PascalABC.NET is a Pascal programming language that implements classic Pascal, most Delphi language features, as well as a number of their own extensions. It is implemented on the .NET Framework platform and contains all the modern language features, such as classes, operator overloading, interfaces, exception handling, generic classes and routines, garbage collection, lambda expressions, parallel programming tools (OpenMP only as of 2016).

PascalABC.NET is also a simple and powerful integrated development environment with an integrated debugger, IntelliSense system, form designer, code templates and code auto-formatting.
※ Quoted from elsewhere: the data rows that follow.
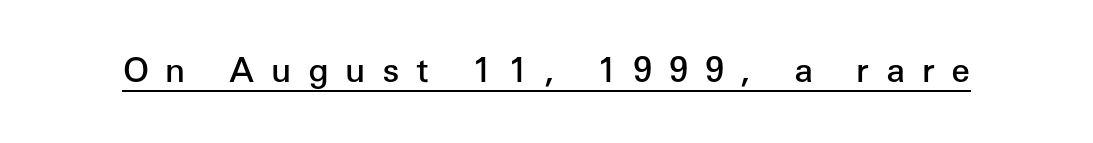
The image shows 34 px semibold sans-serif type, upright; set unusually wide letter spacing (+0.49 em), underlined; low stroke contrast and a medium x-height.
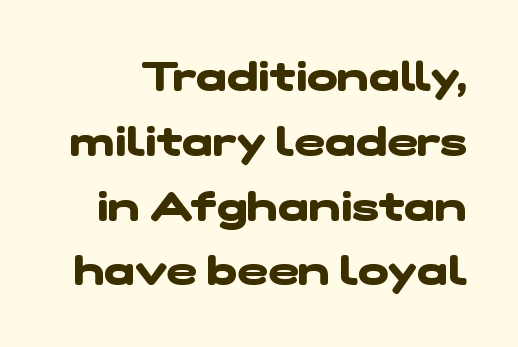
The image shows 41 px heavy, wide sans-serif type; set normal line spacing (1.58x), normal letter spacing, not underlined; low stroke contrast and a medium x-height.
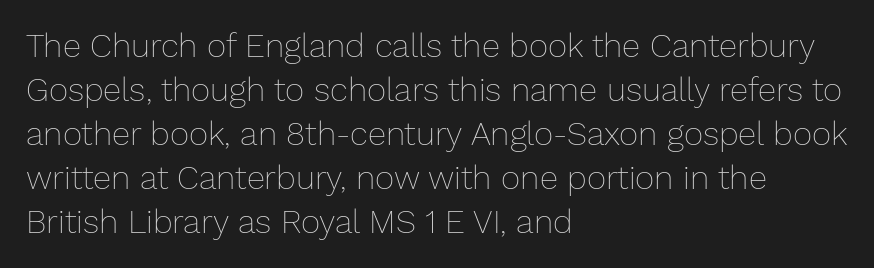
The image shows 33 px thin type, upright; set left-aligned, normal line spacing (1.33x), normal letter spacing, not underlined; low stroke contrast and a medium x-height.
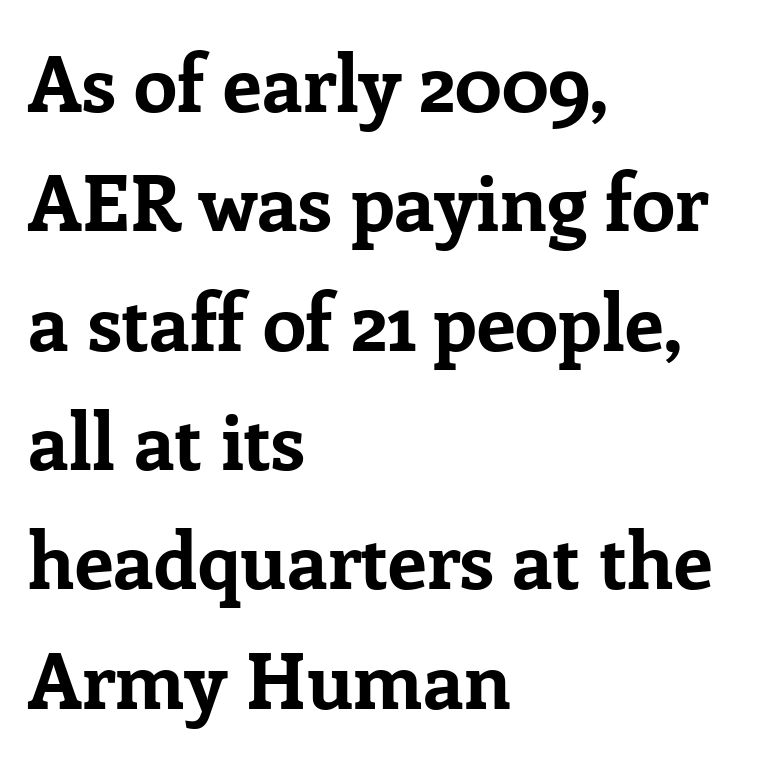
The image shows 78 px bold serif type, upright; set left-aligned, normal line spacing (1.53x), normal letter spacing, not underlined; low stroke contrast and a medium x-height.
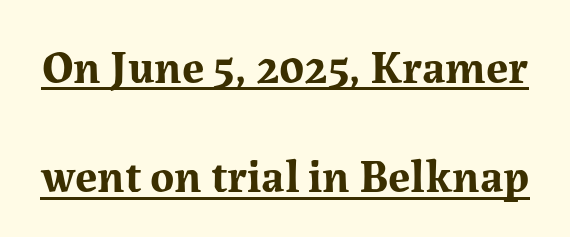
Q: Is the text bold? A: Yes.
Q: Is the text italic (slanted)? A: No, it is upright.
Q: Is the typeface a serif or a sans-serif typeface? A: Serif.
Q: Is the text underlined? A: Yes.
Q: Is the spacing between letters normal or unusually wide? A: Normal.
Q: Is the spacing between lines tight, normal or loose? A: Loose.
Q: Width (condensed, normal, or wide)? A: Normal.
Q: Stroke contrast? A: Medium.
Q: x-height? A: Medium.
Q: Monospaced? A: No.
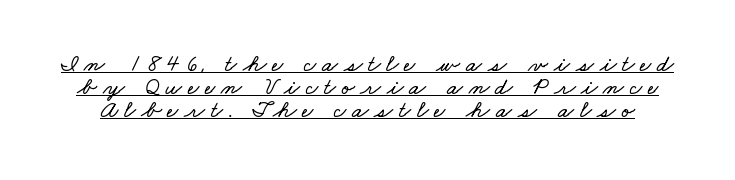
The image shows 24 px text type; set tight line spacing (0.96x), unusually wide letter spacing (+0.24 em), underlined.
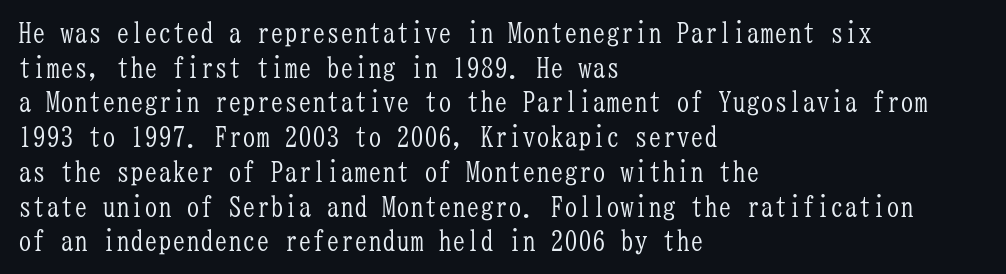
The image shows 28 px light, condensed serif type, upright, monospaced; set left-aligned, line spacing 1.24x, normal letter spacing, not underlined; low stroke contrast and a medium x-height.

The command-line PascalABC.NET compiler is also available on Linux and MacOS (under Mono).

PascalABC.NET is popular in Russian schools and universities. In the Southern Federal University, it is used as the main language for teaching students of Information Technology in the course "Fundamentals of programming", and for teaching children in one of the largest computer schools in Russia.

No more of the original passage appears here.